Year Ended December 31, 2002 Compared to Year Ended December 31, 2001

        Net Broadcasting Revenue.    Net broadcasting revenue was $348.9 million for the year ended December 31, 2002, an increase of $25.4 million, or 7.9%, as compared to $323.5 million for the year ended December 31, 2001. The increase was caused by higher revenues at most of our radio stations. National revenue increased approximately $12.4 million, or 28.5%, while local revenue increased approximately $13.0 million, or 4.6%. National revenue growth outpaced local revenue growth primarily because 2001 national revenue was negatively impacted more severely than local revenue during the prior year's economic downturn. Overall growth in net broadcasting revenues was a result of the improved economic environment.

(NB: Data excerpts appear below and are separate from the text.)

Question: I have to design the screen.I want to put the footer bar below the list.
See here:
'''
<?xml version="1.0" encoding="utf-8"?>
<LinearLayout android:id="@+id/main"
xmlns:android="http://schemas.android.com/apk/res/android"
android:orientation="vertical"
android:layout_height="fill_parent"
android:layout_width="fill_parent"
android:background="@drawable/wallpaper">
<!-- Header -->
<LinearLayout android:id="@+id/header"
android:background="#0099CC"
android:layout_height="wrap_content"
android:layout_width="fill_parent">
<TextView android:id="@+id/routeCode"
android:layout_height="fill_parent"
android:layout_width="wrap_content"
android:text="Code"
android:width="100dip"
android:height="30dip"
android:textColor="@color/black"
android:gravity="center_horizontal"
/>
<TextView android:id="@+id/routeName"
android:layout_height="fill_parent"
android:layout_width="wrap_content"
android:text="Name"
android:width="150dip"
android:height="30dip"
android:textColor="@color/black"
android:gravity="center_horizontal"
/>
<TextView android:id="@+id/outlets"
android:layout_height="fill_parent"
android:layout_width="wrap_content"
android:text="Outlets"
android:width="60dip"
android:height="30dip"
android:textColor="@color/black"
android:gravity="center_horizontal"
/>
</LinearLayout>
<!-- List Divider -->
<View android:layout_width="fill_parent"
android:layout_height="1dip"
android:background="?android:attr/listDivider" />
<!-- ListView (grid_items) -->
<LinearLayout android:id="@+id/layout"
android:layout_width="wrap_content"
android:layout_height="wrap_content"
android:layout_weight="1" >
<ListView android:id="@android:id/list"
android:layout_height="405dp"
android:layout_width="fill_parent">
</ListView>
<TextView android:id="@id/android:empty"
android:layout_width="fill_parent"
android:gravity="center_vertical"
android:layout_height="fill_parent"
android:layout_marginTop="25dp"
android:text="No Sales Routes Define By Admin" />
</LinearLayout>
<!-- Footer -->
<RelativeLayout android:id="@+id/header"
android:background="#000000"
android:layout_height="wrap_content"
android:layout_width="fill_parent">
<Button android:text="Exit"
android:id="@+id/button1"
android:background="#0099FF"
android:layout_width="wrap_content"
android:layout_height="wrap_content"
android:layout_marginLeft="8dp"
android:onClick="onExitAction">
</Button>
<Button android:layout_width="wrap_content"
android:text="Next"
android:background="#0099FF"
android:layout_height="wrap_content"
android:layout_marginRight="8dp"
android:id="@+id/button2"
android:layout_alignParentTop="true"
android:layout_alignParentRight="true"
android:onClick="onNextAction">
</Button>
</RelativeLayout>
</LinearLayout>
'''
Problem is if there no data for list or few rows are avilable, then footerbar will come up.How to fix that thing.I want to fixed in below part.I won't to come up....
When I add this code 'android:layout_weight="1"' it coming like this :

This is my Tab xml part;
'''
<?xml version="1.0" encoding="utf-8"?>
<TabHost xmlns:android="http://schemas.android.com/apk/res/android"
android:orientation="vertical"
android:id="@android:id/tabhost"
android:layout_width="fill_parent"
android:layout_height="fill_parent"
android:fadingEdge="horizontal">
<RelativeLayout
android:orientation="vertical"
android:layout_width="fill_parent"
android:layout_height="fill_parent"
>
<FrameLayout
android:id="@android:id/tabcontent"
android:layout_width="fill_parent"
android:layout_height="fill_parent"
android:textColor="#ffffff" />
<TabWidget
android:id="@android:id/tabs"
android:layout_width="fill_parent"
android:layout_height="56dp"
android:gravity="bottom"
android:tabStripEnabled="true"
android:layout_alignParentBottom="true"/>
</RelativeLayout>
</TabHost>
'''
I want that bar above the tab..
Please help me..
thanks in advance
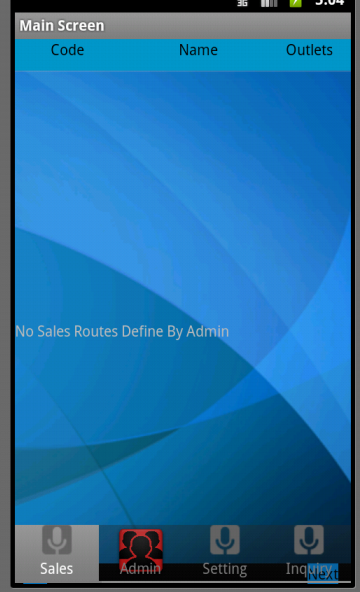
Answer: Try this code,
'''
<?xml version="1.0" encoding="utf-8"?>
<RelativeLayout android:id="@+id/main"
xmlns:android="http://schemas.android.com/apk/res/android"
android:orientation="vertical"
android:layout_height="fill_parent"
android:layout_width="fill_parent"
android:background="@drawable/icon">
<!-- Header -->
<LinearLayout android:id="@+id/header"
android:background="#0099CC"
android:layout_height="wrap_content"
android:layout_width="fill_parent">
<TextView android:id="@+id/routeCode"
android:layout_height="fill_parent"
android:layout_width="wrap_content"
android:text="Code"
android:width="100dip"
android:height="30dip"
android:gravity="center_horizontal"
/>
<TextView android:id="@+id/routeName"
android:layout_height="fill_parent"
android:layout_width="wrap_content"
android:text="Name"
android:width="150dip"
android:height="30dip"
android:gravity="center_horizontal"
/>
<TextView android:id="@+id/outlets"
android:layout_height="fill_parent"
android:layout_width="wrap_content"
android:text="Outlets"
android:width="60dip"
android:height="30dip"
android:gravity="center_horizontal"
/>
</LinearLayout>
<!-- List Divider -->
<View
android:id="@+id/myView"
android:layout_width="fill_parent"
android:layout_height="1dip"
android:background="?android:attr/listDivider"
android:layout_below="@+id/header" />
<!-- ListView (grid_items) -->
<LinearLayout android:id="@+id/layout"
android:layout_below="@+id/myView"
android:layout_width="wrap_content"
android:layout_height="wrap_content" >
<ListView android:id="@android:id/list"
android:layout_height="wrap_content"
android:layout_width="fill_parent">
</ListView>
<TextView android:id="@id/android:empty"
android:layout_width="fill_parent"
android:gravity="center_vertical"
android:layout_height="fill_parent"
android:layout_marginTop="25dp"
android:text="No Sales Routes Define By Admin" />
</LinearLayout>
<!-- Footer -->
<RelativeLayout
android:layout_alignParentBottom="true"
android:id="@+id/MyRelative"
android:background="#000000"
android:layout_height="wrap_content"
android:layout_width="fill_parent"
android:layout_gravity="bottom">
<Button android:text="Exit"
android:id="@+id/button1"
android:background="#0099FF"
android:layout_width="wrap_content"
android:layout_height="wrap_content"
android:layout_marginLeft="8dp"
android:onClick="onExitAction">
</Button>
<Button android:layout_width="wrap_content"
android:text="Next"
android:background="#0099FF"
android:layout_height="wrap_content"
android:layout_marginRight="8dp"
android:id="@+id/button2"
android:layout_alignParentTop="true"
android:layout_alignParentRight="true"
android:onClick="onNextAction">
</Button>
</RelativeLayout>
</RelativeLayout>
'''

Net broadcasting revenue, excluding barter revenue, increased $28.5 million, or 9.1%, in 2002 compared to 2001, while barter revenue decreased $3.1 million, or 27.2%.

        Cost of Revenues.    Cost of revenues was $92.8 million for the year ended December 31, 2002, a decrease of $16.8 million, or 15.3%, as compared to $109.6 million for the year ended December 31, 2001. The decrease was principally due to a reduction in barter expense of $12.7 million, or 60.7%, and promotional expense of $3.3 million.

        Selling, General and Administrative.    Selling, general and administrative expenses increased by $2.8 million, or 2.5%, from $114.0 million for the year ended December 31, 2001 to $116.8 million for the year ended December 31, 2002.

        Corporate General and Administrative Expenses.    Corporate general and administrative expenses were $10.8 million for the year ended December 31, 2002, a decrease of $0.9 million, or 7.7%, as compared to $11.7 million for the year ended December 31, 2001. The decrease was primarily due to a reduction in corporate staffing and related expenses of $1.1 million and a reduction in professional fees of $1.1 million offset by an increase in corporate incentive compensation of $1.3 million.

        Corporate Non-Cash Deferred Stock Compensation.    In 2002, we issued stock options, which have an exercise price less than the fair market value of the underlying stock on the date of grant, and

35



shares of common stock at a price less than the fair market value of the common stock on the date of sale, to our new chief executive officer resulting in a corporate non-cash deferred stock compensation charge of approximately $25.9 million for the year ended December 31, 2002 as compared to $14.8 million incurred during 2001 relating to stock options of our predecessor company. For options granted and shares sold as of December 31, 2002, we expect to incur additional corporate non-cash deferred stock compensation expense of approximately $15.3 million over the next two years.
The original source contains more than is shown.